▶ _Task goal_: An exact copy of the entries below is needed, with every picture left out.
[[ Information open ]]
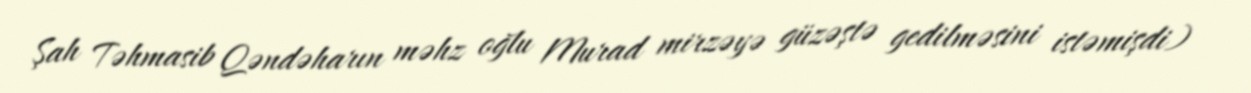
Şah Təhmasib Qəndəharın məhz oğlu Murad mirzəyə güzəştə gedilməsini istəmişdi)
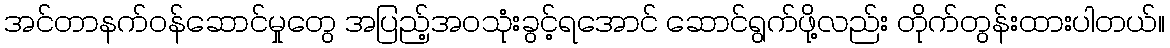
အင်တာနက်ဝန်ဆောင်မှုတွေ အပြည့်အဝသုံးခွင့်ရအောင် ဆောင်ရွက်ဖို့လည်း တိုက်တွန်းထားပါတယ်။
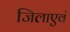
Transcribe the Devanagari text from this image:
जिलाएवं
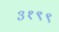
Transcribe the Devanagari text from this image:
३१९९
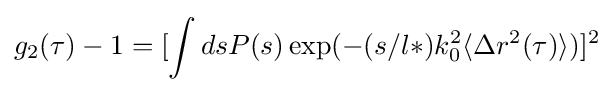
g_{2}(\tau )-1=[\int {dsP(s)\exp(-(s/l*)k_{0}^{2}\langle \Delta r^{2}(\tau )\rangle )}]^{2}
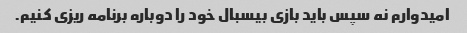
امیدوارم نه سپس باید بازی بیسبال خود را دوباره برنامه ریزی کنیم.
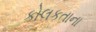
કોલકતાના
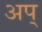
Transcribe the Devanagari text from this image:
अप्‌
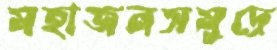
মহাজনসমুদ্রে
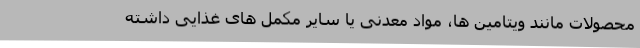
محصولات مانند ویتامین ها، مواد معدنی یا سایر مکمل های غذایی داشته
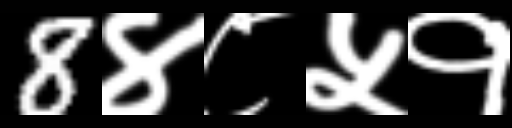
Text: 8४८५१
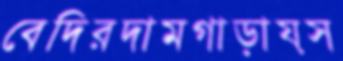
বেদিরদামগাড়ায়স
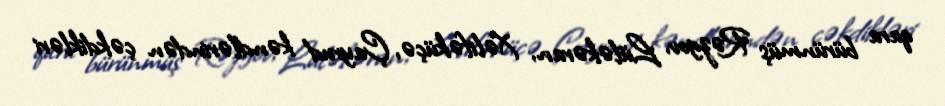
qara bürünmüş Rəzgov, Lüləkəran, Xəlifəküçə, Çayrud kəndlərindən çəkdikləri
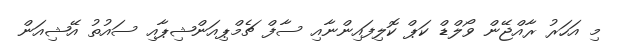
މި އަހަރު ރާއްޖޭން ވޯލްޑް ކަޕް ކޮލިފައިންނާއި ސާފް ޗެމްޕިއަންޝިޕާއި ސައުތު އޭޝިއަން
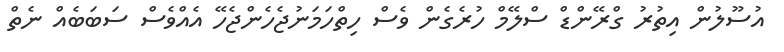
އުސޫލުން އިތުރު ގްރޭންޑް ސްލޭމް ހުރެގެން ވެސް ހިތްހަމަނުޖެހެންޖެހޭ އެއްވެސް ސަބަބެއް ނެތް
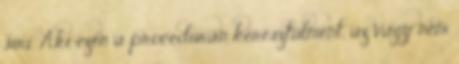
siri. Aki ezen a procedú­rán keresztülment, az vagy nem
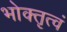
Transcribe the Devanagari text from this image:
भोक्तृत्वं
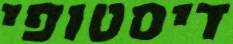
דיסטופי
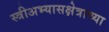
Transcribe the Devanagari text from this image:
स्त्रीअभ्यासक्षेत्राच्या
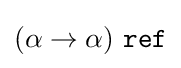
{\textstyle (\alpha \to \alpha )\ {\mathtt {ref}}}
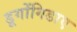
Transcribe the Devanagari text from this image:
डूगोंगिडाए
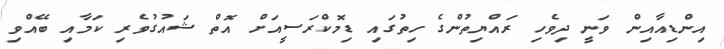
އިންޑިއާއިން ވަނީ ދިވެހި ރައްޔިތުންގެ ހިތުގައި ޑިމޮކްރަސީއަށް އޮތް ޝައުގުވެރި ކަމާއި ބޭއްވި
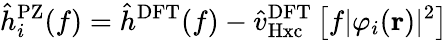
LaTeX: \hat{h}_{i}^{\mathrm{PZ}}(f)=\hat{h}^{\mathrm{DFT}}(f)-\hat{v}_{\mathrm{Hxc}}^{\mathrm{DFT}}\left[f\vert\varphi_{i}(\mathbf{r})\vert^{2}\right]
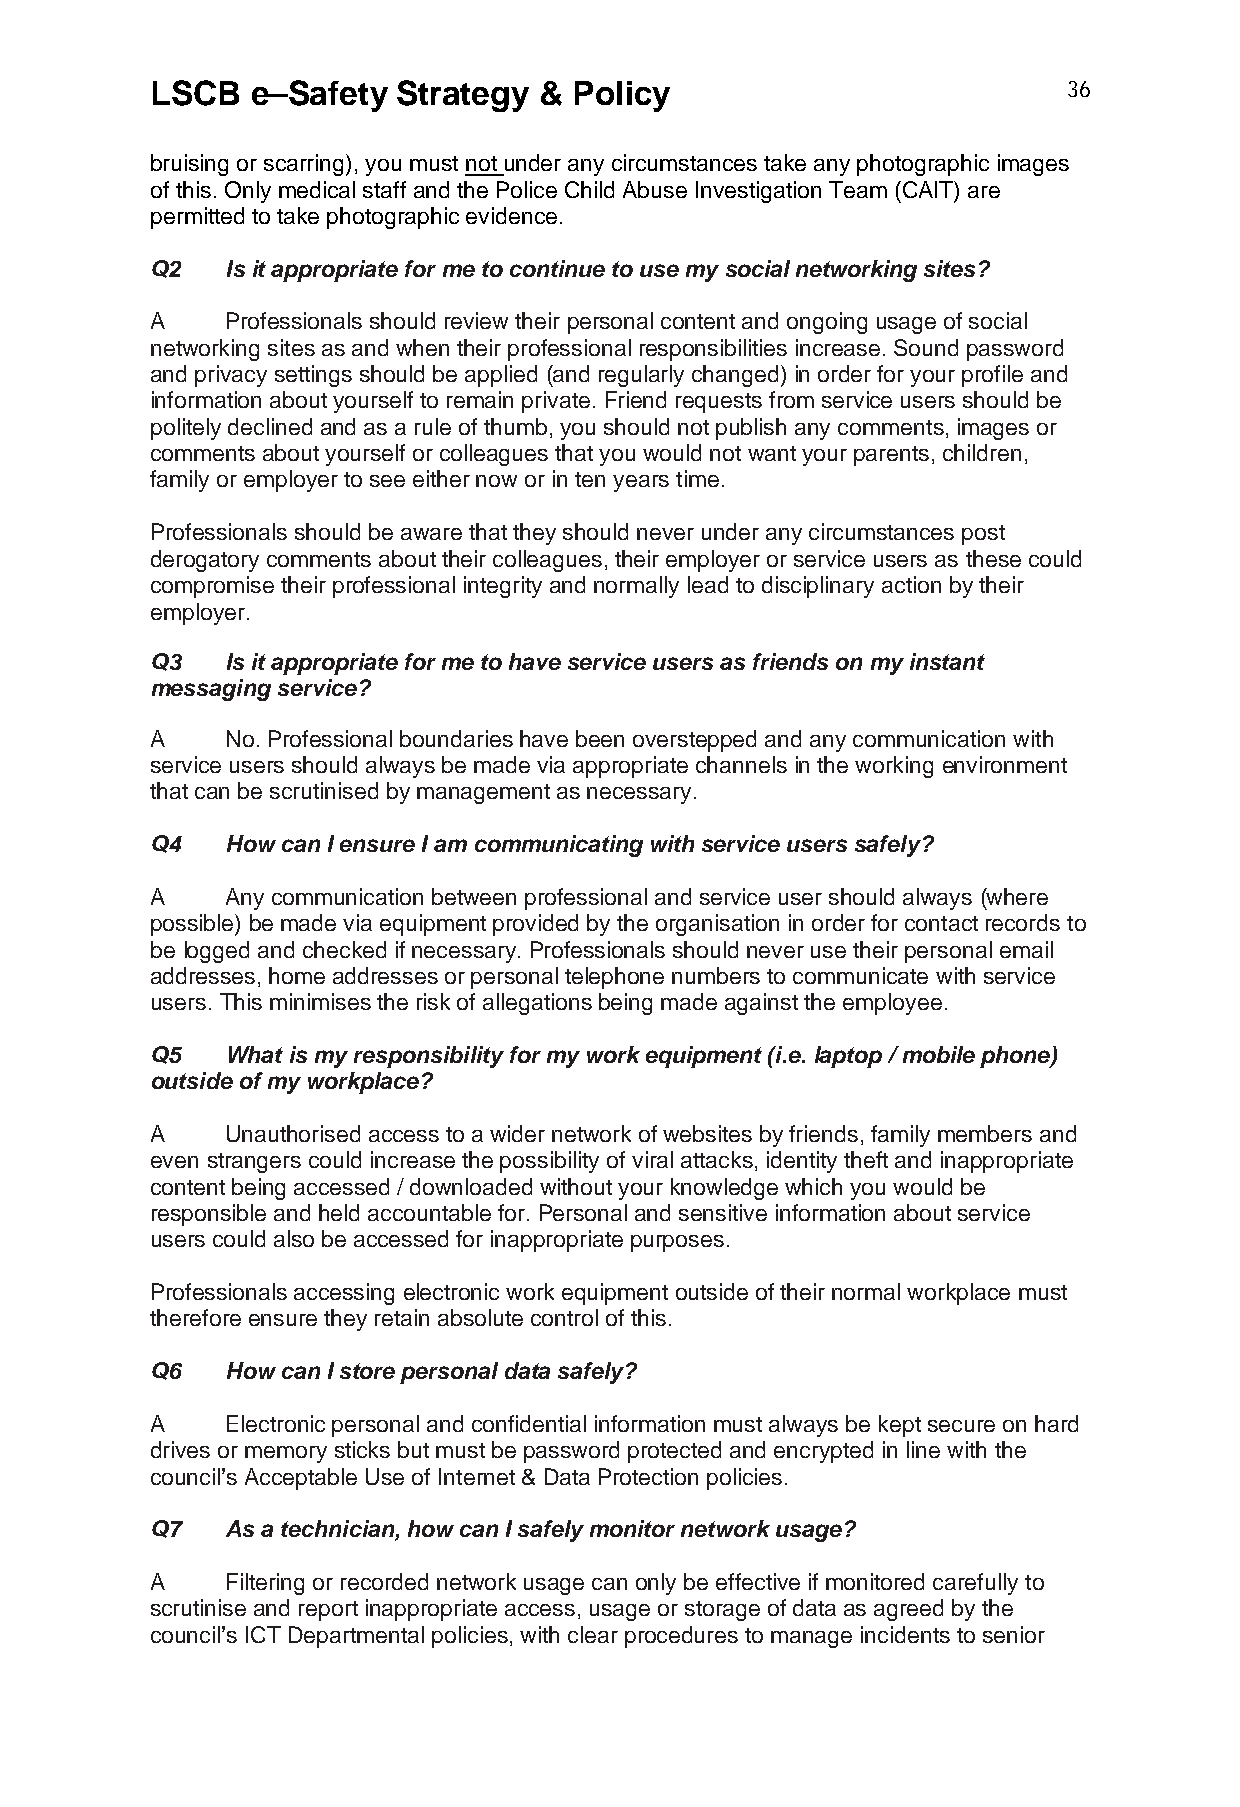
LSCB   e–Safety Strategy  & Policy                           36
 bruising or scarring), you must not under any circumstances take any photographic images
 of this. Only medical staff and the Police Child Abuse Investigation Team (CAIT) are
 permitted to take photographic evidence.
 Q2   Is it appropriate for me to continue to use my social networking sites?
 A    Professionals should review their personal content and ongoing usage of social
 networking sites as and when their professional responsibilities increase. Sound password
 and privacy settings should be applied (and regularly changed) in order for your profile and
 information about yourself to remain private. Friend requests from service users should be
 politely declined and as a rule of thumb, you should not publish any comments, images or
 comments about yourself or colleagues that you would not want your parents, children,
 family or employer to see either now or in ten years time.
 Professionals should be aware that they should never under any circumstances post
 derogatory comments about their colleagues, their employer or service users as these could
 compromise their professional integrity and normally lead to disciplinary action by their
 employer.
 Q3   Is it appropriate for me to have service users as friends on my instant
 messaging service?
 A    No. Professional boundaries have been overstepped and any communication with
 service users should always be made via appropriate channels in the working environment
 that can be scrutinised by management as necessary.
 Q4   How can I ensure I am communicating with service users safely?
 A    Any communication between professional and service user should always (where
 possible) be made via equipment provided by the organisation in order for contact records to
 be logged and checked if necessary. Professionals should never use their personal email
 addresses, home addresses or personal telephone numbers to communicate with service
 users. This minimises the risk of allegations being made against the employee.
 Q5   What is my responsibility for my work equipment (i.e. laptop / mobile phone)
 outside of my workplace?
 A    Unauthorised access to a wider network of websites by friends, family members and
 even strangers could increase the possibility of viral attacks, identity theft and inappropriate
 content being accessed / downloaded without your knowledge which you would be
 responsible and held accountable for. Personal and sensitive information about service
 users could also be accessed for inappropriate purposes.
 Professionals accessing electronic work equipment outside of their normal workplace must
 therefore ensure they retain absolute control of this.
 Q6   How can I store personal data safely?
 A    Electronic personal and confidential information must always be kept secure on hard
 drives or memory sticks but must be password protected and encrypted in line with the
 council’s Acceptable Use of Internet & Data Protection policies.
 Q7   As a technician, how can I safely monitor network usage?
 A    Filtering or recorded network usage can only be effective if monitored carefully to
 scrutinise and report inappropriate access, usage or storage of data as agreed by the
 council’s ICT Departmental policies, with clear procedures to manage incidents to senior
[[ Information closed ]]
▶ _Completed exercise_:
Şah Təhmasib Qəndəharın məhz oğlu Murad mirzəyə güzəştə gedilməsini istəmişdi)
အင်တာနက်ဝန်ဆောင်မှုတွေ အပြည့်အဝသုံးခွင့်ရအောင် ဆောင်ရွက်ဖို့လည်း တိုက်တွန်းထားပါတယ်။
Transcribe the Devanagari text from this image:
जिलाएवं
Transcribe the Devanagari text from this image:
३१९९
g_{2}(\tau )-1=[\int {dsP(s)\exp(-(s/l*)k_{0}^{2}\langle \Delta r^{2}(\tau )\rangle )}]^{2}
امیدوارم نه سپس باید بازی بیسبال خود را دوباره برنامه ریزی کنیم.
કોલકતાના
Transcribe the Devanagari text from this image:
अप्‌
মহাজনসমুদ্রে
محصولات مانند ویتامین ها، مواد معدنی یا سایر مکمل های غذایی داشته
Text: 8४८५१
বেদিরদামগাড়ায়স
qara bürünmüş Rəzgov, Lüləkəran, Xəlifəküçə, Çayrud kəndlərindən çəkdikləri
މި އަހަރު ރާއްޖޭން ވޯލްޑް ކަޕް ކޮލިފައިންނާއި ސާފް ޗެމްޕިއަންޝިޕާއި ސައުތު އޭޝިއަން
އުސޫލުން އިތުރު ގްރޭންޑް ސްލޭމް ހުރެގެން ވެސް ހިތްހަމަނުޖެހެންޖެހޭ އެއްވެސް ސަބަބެއް ނެތް
siri. Aki ezen a procedú­rán keresztülment, az vagy nem
Transcribe the Devanagari text from this image:
भोक्तृत्वं
דיסטופי
Transcribe the Devanagari text from this image:
स्त्रीअभ्यासक्षेत्राच्या
{\textstyle (\alpha \to \alpha )\ {\mathtt {ref}}}
Transcribe the Devanagari text from this image:
डूगोंगिडाए
އިންޑިއާއިން ވަނީ ދިވެހި ރައްޔިތުންގެ ހިތުގައި ޑިމޮކްރަސީއަށް އޮތް ޝައުގުވެރި ކަމާއި ބޭއްވި
LaTeX: \hat{h}_{i}^{\mathrm{PZ}}(f)=\hat{h}^{\mathrm{DFT}}(f)-\hat{v}_{\mathrm{Hxc}}^{\mathrm{DFT}}\left[f\vert\varphi_{i}(\mathbf{r})\vert^{2}\right]
LSCB   e–Safety Strategy  & Policy                           36
 bruising or scarring), you must not under any circumstances take any photographic images
 of this. Only medical staff and the Police Child Abuse Investigation Team (CAIT) are
 permitted to take photographic evidence.
 Q2   Is it appropriate for me to continue to use my social networking sites?
 A    Professionals should review their personal content and ongoing usage of social
 networking sites as and when their professional responsibilities increase. Sound password
 and privacy settings should be applied (and regularly changed) in order for your profile and
 information about yourself to remain private. Friend requests from service users should be
 politely declined and as a rule of thumb, you should not publish any comments, images or
 comments about yourself or colleagues that you would not want your parents, children,
 family or employer to see either now or in ten years time.
 Professionals should be aware that they should never under any circumstances post
 derogatory comments about their colleagues, their employer or service users as these could
 compromise their professional integrity and normally lead to disciplinary action by their
 employer.
 Q3   Is it appropriate for me to have service users as friends on my instant
 messaging service?
 A    No. Professional boundaries have been overstepped and any communication with
 service users should always be made via appropriate channels in the working environment
 that can be scrutinised by management as necessary.
 Q4   How can I ensure I am communicating with service users safely?
 A    Any communication between professional and service user should always (where
 possible) be made via equipment provided by the organisation in order for contact records to
 be logged and checked if necessary. Professionals should never use their personal email
 addresses, home addresses or personal telephone numbers to communicate with service
 users. This minimises the risk of allegations being made against the employee.
 Q5   What is my responsibility for my work equipment (i.e. laptop / mobile phone)
 outside of my workplace?
 A    Unauthorised access to a wider network of websites by friends, family members and
 even strangers could increase the possibility of viral attacks, identity theft and inappropriate
 content being accessed / downloaded without your knowledge which you would be
 responsible and held accountable for. Personal and sensitive information about service
 users could also be accessed for inappropriate purposes.
 Professionals accessing electronic work equipment outside of their normal workplace must
 therefore ensure they retain absolute control of this.
 Q6   How can I store personal data safely?
 A    Electronic personal and confidential information must always be kept secure on hard
 drives or memory sticks but must be password protected and encrypted in line with the
 council’s Acceptable Use of Internet & Data Protection policies.
 Q7   As a technician, how can I safely monitor network usage?
 A    Filtering or recorded network usage can only be effective if monitored carefully to
 scrutinise and report inappropriate access, usage or storage of data as agreed by the
 council’s ICT Departmental policies, with clear procedures to manage incidents to senior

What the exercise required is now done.